I get that the 3 nodes comment is referring to clusters, but I wonder if this will confuse people in thinking it's not possible to test M3DB on their own (single) machine?

Yeah, perhaps just say "small number of nodes".

justinjc · 2018-10-01T16:45:02Z

docs/operational_guide/placement_changes.md

+
+In other words, all you have to do is issue the desired instruction and the M3 stack will take care of making sure that your data is distributed with appropriate replication and isolation.
+
+In the case of the M3DB nodes, nodes that have received new shards will immediately begin receiving writes (but not serving reads) for the new shards that they are responsible for. They will also begin streaming in all the data for their newly acquired shards from the peers that already have data for those shards. Once the nodes have finished streaming in the data for the shards that they have acquired, they will mark their status for those shards as `Available` in the placement and begin accepting writes.
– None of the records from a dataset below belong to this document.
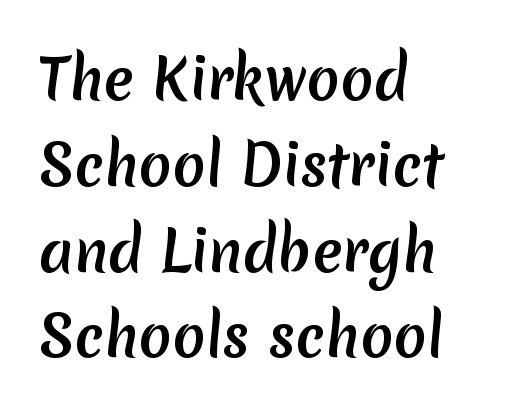
The image shows 55 px sans-serif type; set left-aligned, normal line spacing (1.56x), normal letter spacing, not underlined; medium stroke contrast and a medium x-height.
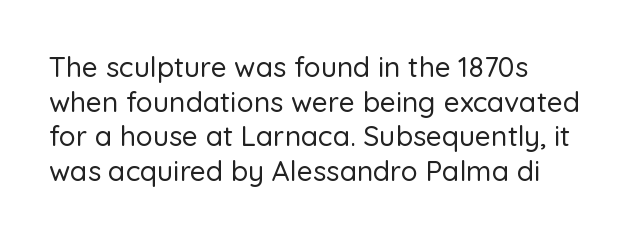
The image shows 28 px sans-serif type, upright; set line spacing 1.24x, normal letter spacing, not underlined; low stroke contrast and a medium x-height.
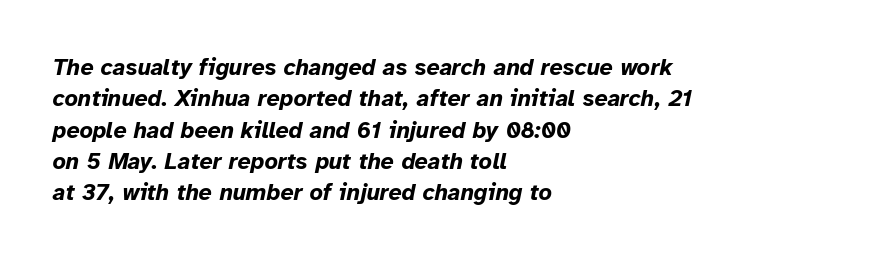
{"italic": "yes", "lean": "right", "slant_degrees": 12, "bold": "yes", "underline": "no", "align": "left", "line_spacing": "normal", "line_spacing_ratio": 1.36, "letter_spacing": "normal", "letter_spacing_em": 0.0, "glyph_px": 23}
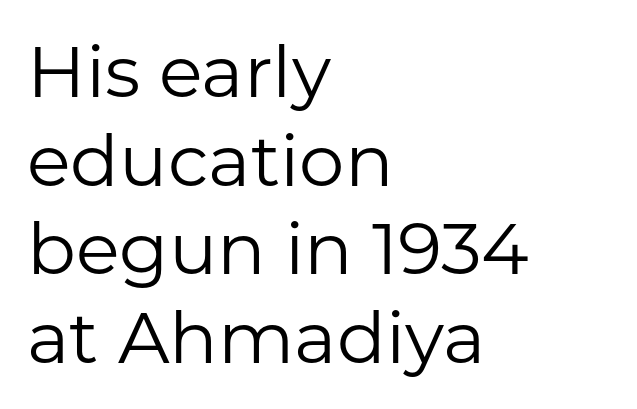
The image shows 72 px regular-weight sans-serif type, upright; set left-aligned, line spacing 1.23x, normal letter spacing, not underlined; low stroke contrast and a medium x-height.
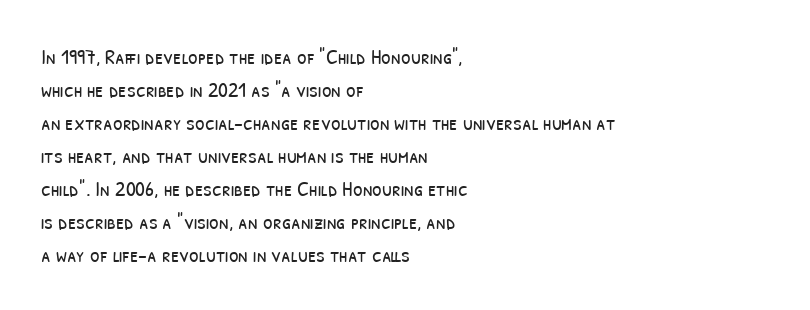
Q: Is the text bold? A: No.
Q: Is the text underlined? A: No.
Q: How is the paragraph aligned? A: Left-aligned.
Q: Is the spacing between letters normal or unusually wide? A: Normal.
Q: Is the spacing between lines tight, normal or loose? A: Normal.
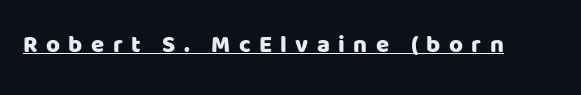
Q: Is the text italic (slanted)? A: No, it is upright.
Q: Is the text underlined? A: Yes.
Q: Is the spacing between letters normal or unusually wide? A: Unusually wide.
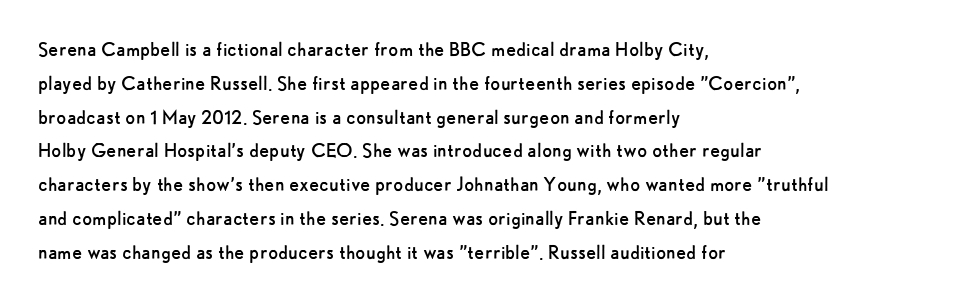
The image shows 23 px text type, upright; set left-aligned, normal line spacing (1.47x), normal letter spacing, not underlined.
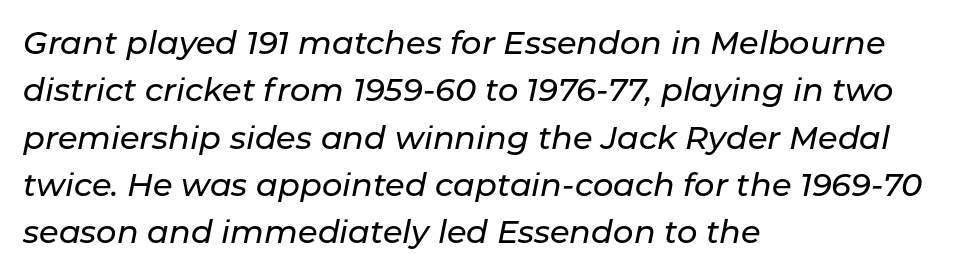
Q: Is the text italic (slanted)? A: Yes, it leans right by about 11 degrees.
Q: Is the text underlined? A: No.
Q: How is the paragraph aligned? A: Left-aligned.
Q: Is the spacing between letters normal or unusually wide? A: Normal.
Q: Is the spacing between lines tight, normal or loose? A: Normal.
Q: Width (condensed, normal, or wide)? A: Normal.
Q: Stroke contrast? A: Low.
Q: x-height? A: Medium.
Q: Monospaced? A: No.

Simultaneously, the nodes that are losing ownership of any shards will mark their status for those shards as `LEAVING`. Once all the nodes accepting ownership of the new shards have finished streaming data from them, they will relinquish ownership of those shards and remove all the data associated with the shards they lost from memory and from disk.


Should Available be in all caps?

no but LEAVING should not be capitalized

justinjc · 2018-10-01T16:48:20Z

docs/operational_guide/placement_changes.md

+
+In the case of the M3DB nodes, nodes that have received new shards will immediately begin receiving writes (but not serving reads) for the new shards that they are responsible for. They will also begin streaming in all the data for their newly acquired shards from the peers that already have data for those shards. Once the nodes have finished streaming in the data for the shards that they have acquired, they will mark their status for those shards as `Available` in the placement and begin accepting writes. Simultaneously, the nodes that are losing ownership of any shards will mark their status for those shards as `LEAVING`. Once all the nodes accepting ownership of the new shards have finished streaming data from them, they will relinquish ownership of those shards and remove all the data associated with the shards they lost from memory and from disk.
+
+M3Coordinator nodes will also pickup the new placement from etcd and alter which M3DB nodes they issue writse and reads to appropriately.


s/writse/writes

justinjc · 2018-10-01T16:49:34Z

docs/operational_guide/placement_changes.md

+
+#### Isolation Group
+
+This value controls how nodes that own the same M3DB shards are isolated from each other. For example, in a single datacenter configuration this value could be set to the rack that the M3DB node lives on. As a result, the placement will guarantee that nodes that exist on the same rack do not share any shards, allowing the cluster to survive the failure of an entire rack. Alternatively, if M3DB was deployed in an AWS region, the isolation group could be set to the regions availability zone and that would ensure that the cluster would survive the loss of an entire availability zone.


s/regions/region's

justinjc · 2018-10-01T16:51:57Z

docs/operational_guide/placement_changes.md

+
+#### Weight
+
+This value should be an integer and controls how the cluster will weigh the number of shards that an individual node will own. If you're running the M3DB cluster on homogenous hardware, then you probably want to assign all M3DB nodes the same weight so that shards are distributed evenly. On the otherhand, if you're running the cluster on heterogenous hardware, then this value should be higher for nodes with higher resources for whatever the limiting factor is in your cluster setup. For example, if disk space (as opposed to memory or CPU) is the limiting factor in how many shards any given node in your cluster can tolerate, then you could assign a higher value to nodes in your cluster that have larger disks and the placement calcualtions would assign them a higher number of shards.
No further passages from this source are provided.